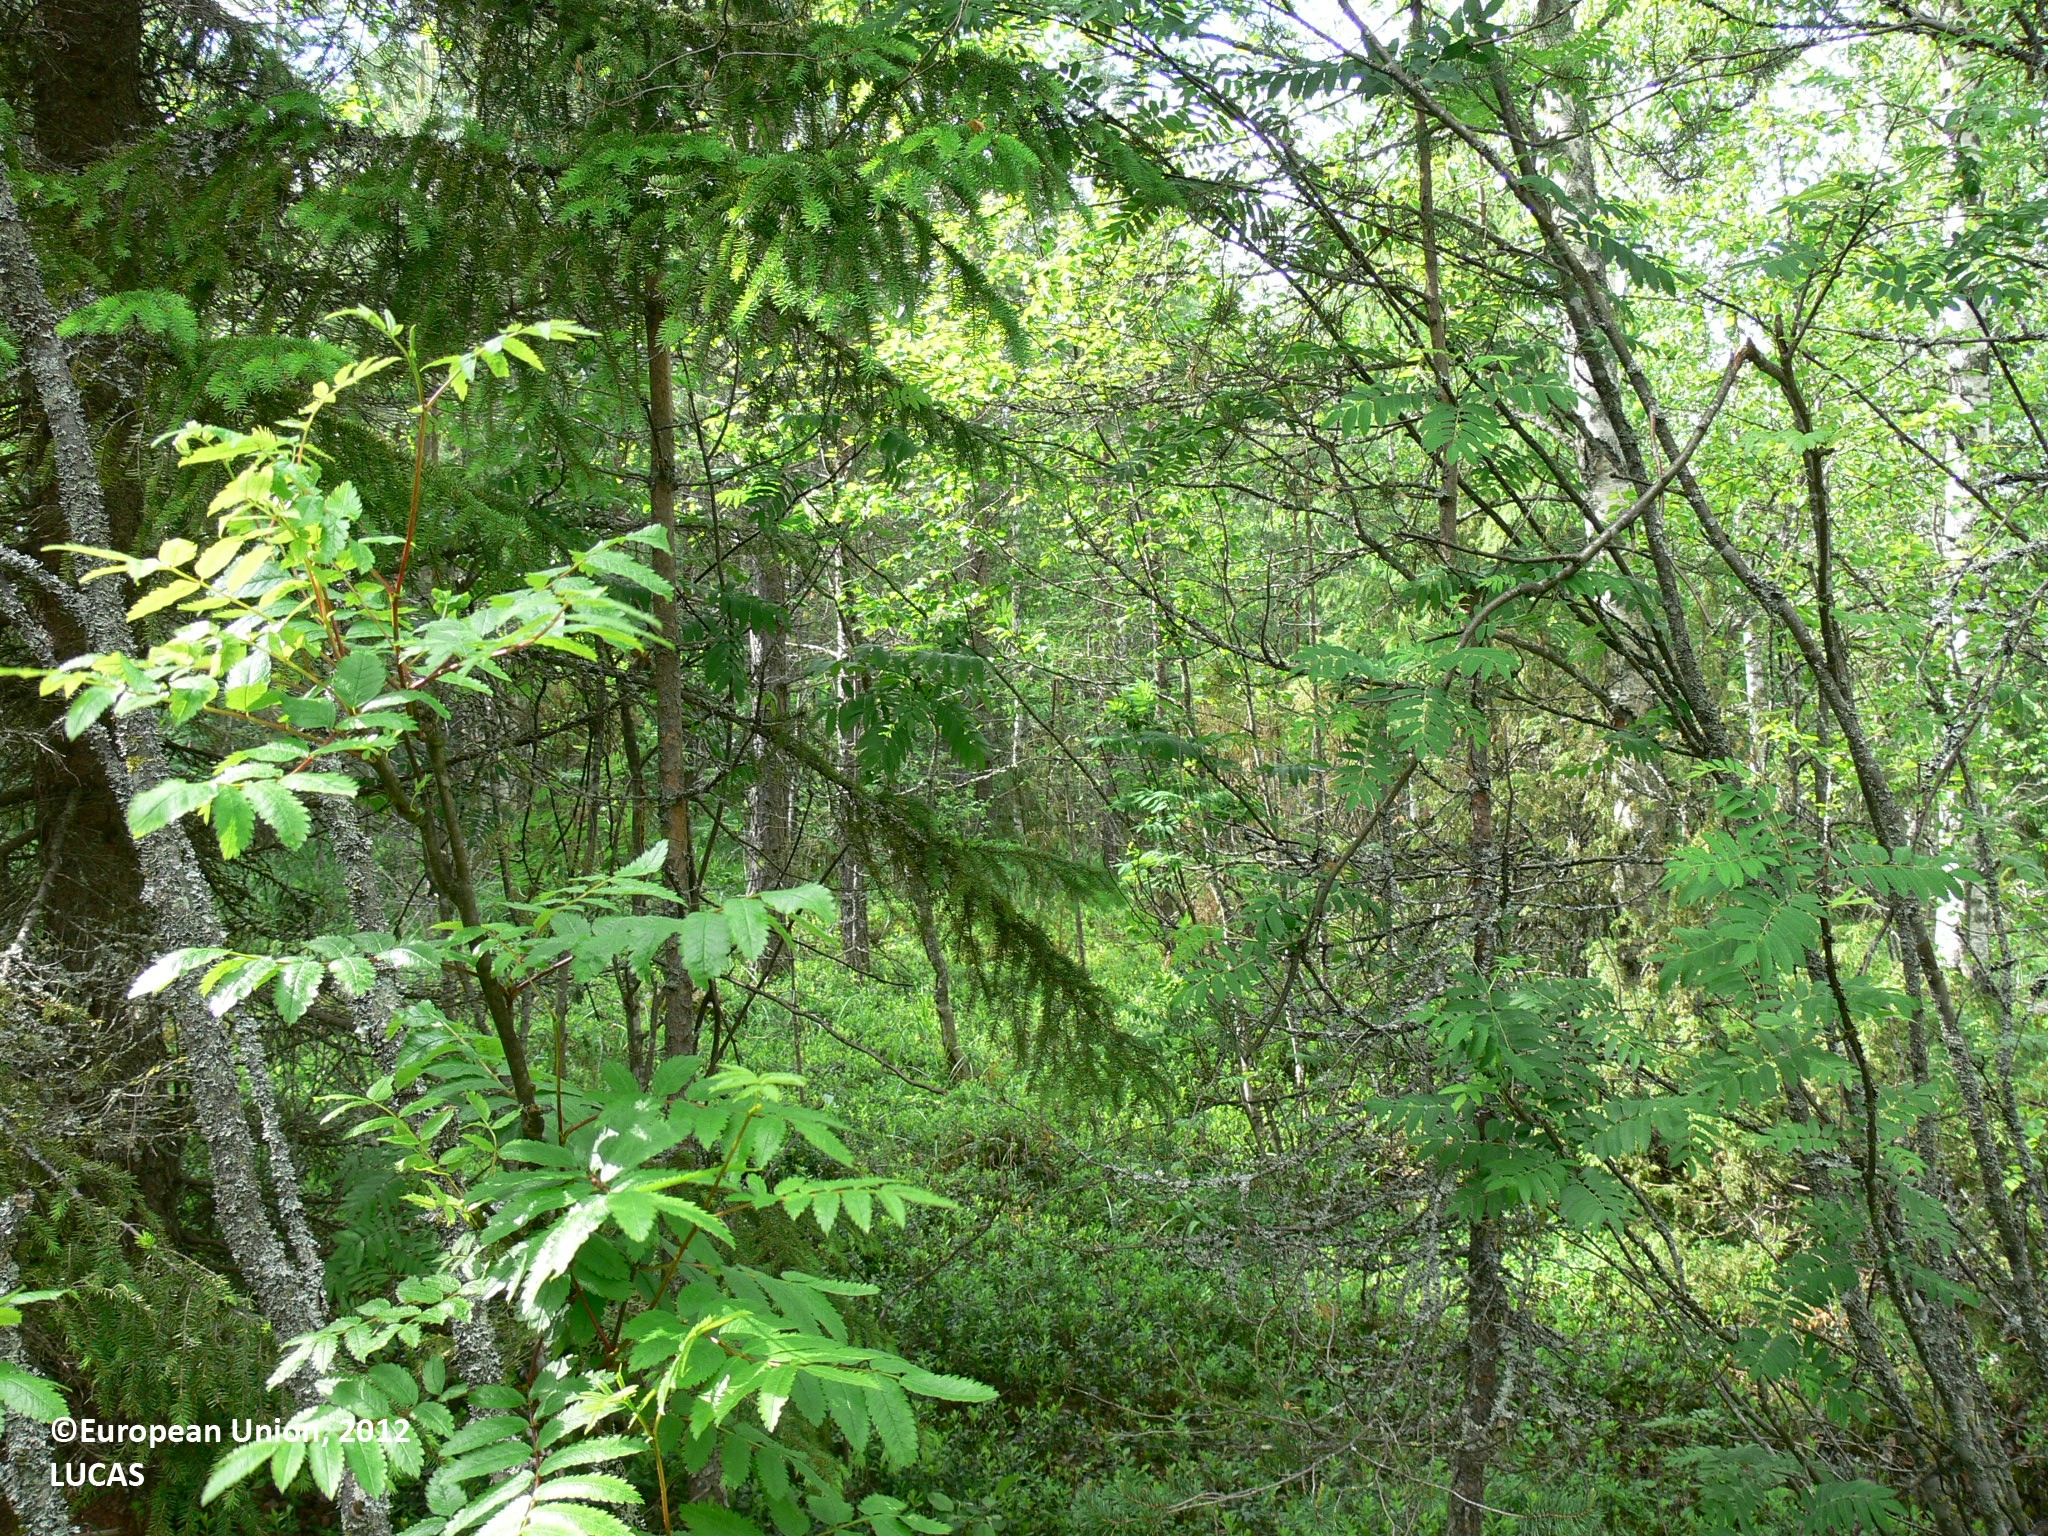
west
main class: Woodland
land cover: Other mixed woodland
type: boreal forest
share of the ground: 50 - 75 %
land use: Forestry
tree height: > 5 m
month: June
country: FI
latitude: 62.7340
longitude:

━━━━━━━━━━

— DESCRIPTION OF THE TASK —
Set down the entries above exactly; no pictures belong in the copy.

— RESPONSE BELOW —
west
main class: Woodland
land cover: Other mixed woodland
type: boreal forest
share of the ground: 50 - 75 %
land use: Forestry
tree height: > 5 m
month: June
country: FI
latitude: 62.7340
longitude:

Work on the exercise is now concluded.